James Joyce is known for his complex writing, stream-of-consciousness prose, and use of content that some view as explicit. Ulysses is known as one of the best novels of all time. The whole book takes place on June 16, 1904, when its protagonist, Leopold Bloom, explores the pubs, churches, streets, bridges, and shops of Dublin, Ireland. It is a modern-day version of Homer's epic, the Odyssey, where Bloom, his wife Molly, and Stephen Dedalus represent Ulysses, Penelope, and Telemachus. One of Joyce's biographers, Richard Ellmann, claimed that Joyce picked June 4 as the date of the book's events because it was the anniversary of the day that he either met or first went walking with his lover, and eventual wife, Nora. Although, other academics disagree on the significance of the date.

Ulysses was published in Paris, in 1922, but was banned in the United States and the United Kingdom at the time.
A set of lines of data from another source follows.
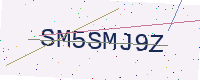
Text: SM5SMJ9Z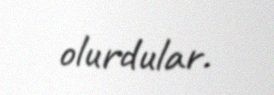
olurdular.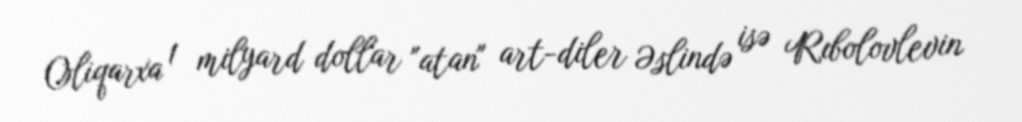
Oliqarxa 1 milyard dollar "atan" art-diler Əslində isə Rıbolovlevin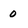
Character: 0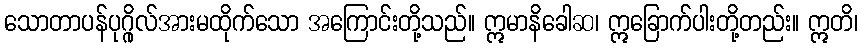
သောတာပန်ပုဂ္ဂိုလ်အားမထိုက်သော အကြောင်းတို့သည်။ ဣမာနိခေါဆ၊ ဣခြောက်ပါးတို့တည်း။ ဣတိ၊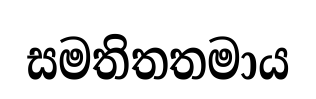
සමතිතතමාය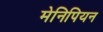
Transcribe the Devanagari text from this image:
मेनिपियन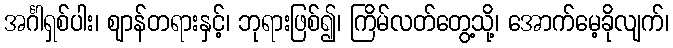
အင်္ဂါရှစ်ပါး၊ ဈာန်တရားနှင့်၊ ဘုရားဖြစ်၍၊ ကြိမ်လတ်တွေ့သို့၊ အောက်မေ့ခိုလျက်၊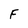
Character: F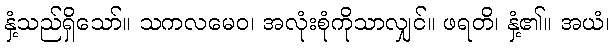
နှံ့သည်ရှိသော်။ သကလမေဝ၊ အလုံးစုံကိုသာလျှင်။ ဖရတိ၊ နှံ့၏။ အယံ၊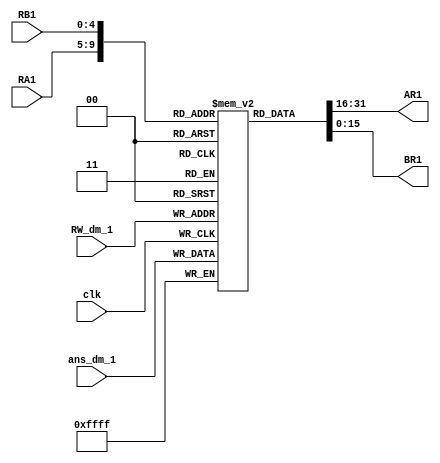
`timescale 1ns / 1ps
//////////////////////////////////////////////////////////////////////////////////
// Company: 
// Engineer: 
// 
// Design Name: 
// Module Name:    reg_bank 
// Project Name: 
// Target Devices: 
// Tool versions: 
// Description: 
//
// Dependencies: 
//
// Revision: 
// Revision 0.01 - File Created
// Additional Comments: 
//
//////////////////////////////////////////////////////////////////////////////////
module reg_bank(
    input [4:0] RA1,
    input [4:0] RB1,
    input [4:0] RW_dm_1,
    input clk,
    input [15:0] ans_dm_1,
    output [15:0] AR1,
    output [15:0] BR1
    );

reg [15:0] bank [31:0];

assign AR1 = bank[RA1];
assign BR1 = bank[RB1];

always @ (posedge clk)
begin 
	bank[RW_dm_1] <= ans_dm_1;
end			

endmodule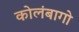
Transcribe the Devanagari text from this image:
कोलंबागो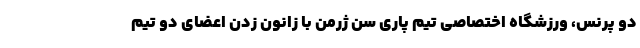
دو پرنس، ورزشگاه اختصاصی تیم پاری سن ژرمن با زانون زدن اعضای دو تیم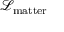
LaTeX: { \mathcal { L } } _ { \mathrm { m a t t e r } }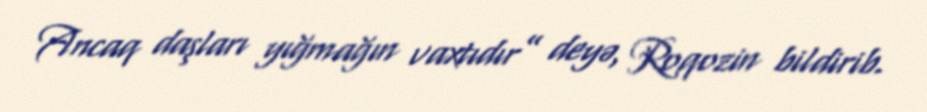
Ancaq daşları yığmağın vaxtıdır” deyə, Roqozin bildirib.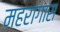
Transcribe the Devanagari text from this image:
महरागास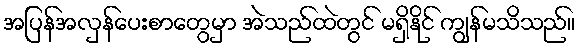
အပြန်အလှန်ပေးစာတွေမှာ အဲသည်ထဲတွင် မရှိနိုင် ကျွန်မသိသည်။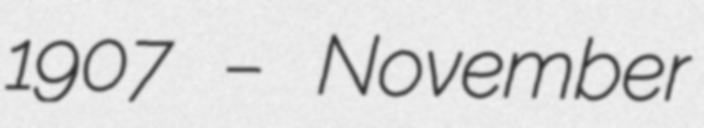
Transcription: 1907 – November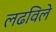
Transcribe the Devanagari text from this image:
लढविले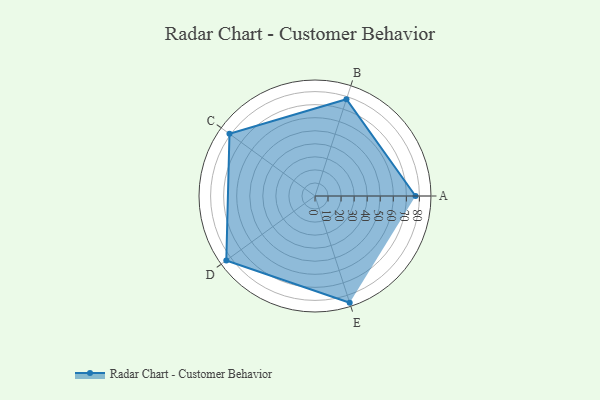
{"axis": {"x": "Skill", "y": "Score"}, "legend": ["Profile"], "data": [{"x": "A", "y": 77.0, "type": "Profile"}, {"x": "B", "y": 78.0, "type": "Profile"}, {"x": "C", "y": 81.0, "type": "Profile"}, {"x": "D", "y": 84.0, "type": "Profile"}, {"x": "E", "y": 86.0, "type": "Profile"}]}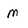
Character: M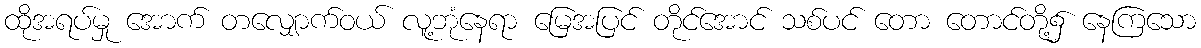
ထိုအရပ်မှု အောက် တလျှောက်ဝယ် လူ့ဘုံနေရာ မြေအပြင် တိုင်အောင် သစ်ပင် တော တောင်တို့၌ နေကြသော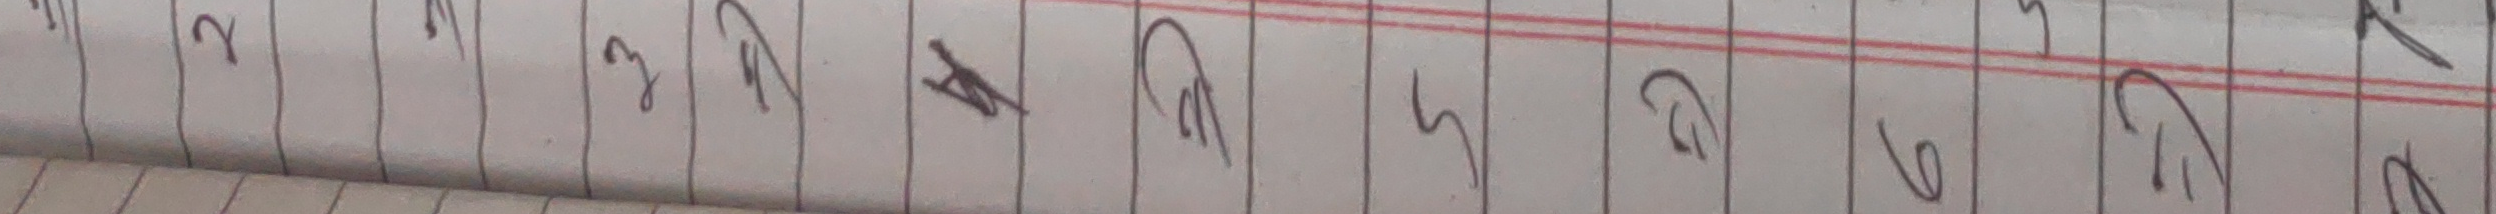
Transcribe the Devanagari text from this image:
२ ३ क ७ ५ ६ ७ २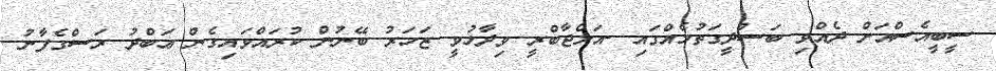
ސީބީއެސްއަށް ދެއްވި ބަސްދީގަތުމެއްގައި -އަލްޖާބްރީ ވިދާޅުވީ ޒަހަރު ބޭނުން ކުރައްވައިގެން ޢަބްދު ރަސްގެފާނު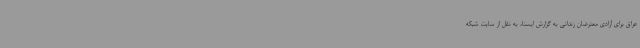
عراق برای آزادی معترضان زندانی به گزارش ایسنا، به نقل از سایت شبکه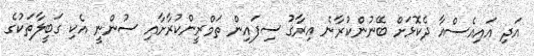
އަދި އައިއެސްއާ ދެކޮޅަށް ބޭނުންކުރާނެ އިރާގު ސިފައިން ތަމްރީންކުރާށާއި ސުންނީ އެކި ގަބީލާތަކުގެ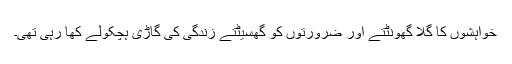
خواہشوں کا گلا گھونٹتے اور ضرورتوں کو گھسیٹتے زندگی کی گاڑی ہچکولے کھا رہی تھی۔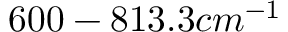
6 0 0 - 8 1 3 . 3 c m ^ { - 1 }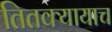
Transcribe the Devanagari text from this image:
तितक्यायाच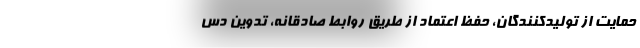
حمایت از تولیدکنندگان، حفظ اعتماد از طریق روابط صادقانه، تدوین دس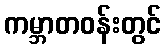
ကမ္ဘာတဝန်းတွင်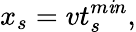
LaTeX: x_{s}=vt_{s}^{m\mathit{i}n},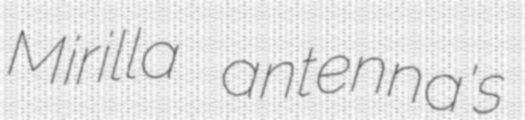
Mirilla antenna's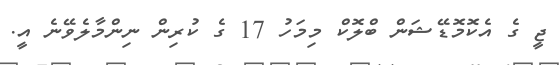
ޖީ ގެ އެކޮމޮޑޭޝަން ބްލޮކް މިމަހު 17 ގެ ކުރިން ނިންމާލެވޭނެ އީ.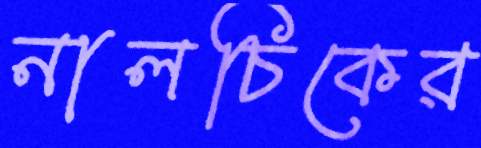
নালচিকের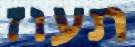
תעוז

It was also banned by Stalin in Russia. Various legal battles brought the book to a wider attention, and in December 1933, the court decision of United States v. One Book Called Ulysses ruled that the book was art, not filth, and that it could be published in the United States. The United Kingdom allowed its publication in 1936. Upon its initial publication, it received both praise and criticism, and became known as being a difficult book to read. It uses many styles and techniques throughout, and readers must think beyond the immediate plot and examine why the styles change.

The word "Bloomsday" first appeared in 1924, in a letter written by Joyce. In 1929, booksellers Sylvia Beach and Adrienne Monnier put together a luncheon at a restaurant outside of Versailles, to honor the 25th anniversary of the publication of the book, and to celebrate the publication of a new French translation. It was attended by Joyce and about thirty others, and took place on June 27, is seen as the first Bloomsday celebration.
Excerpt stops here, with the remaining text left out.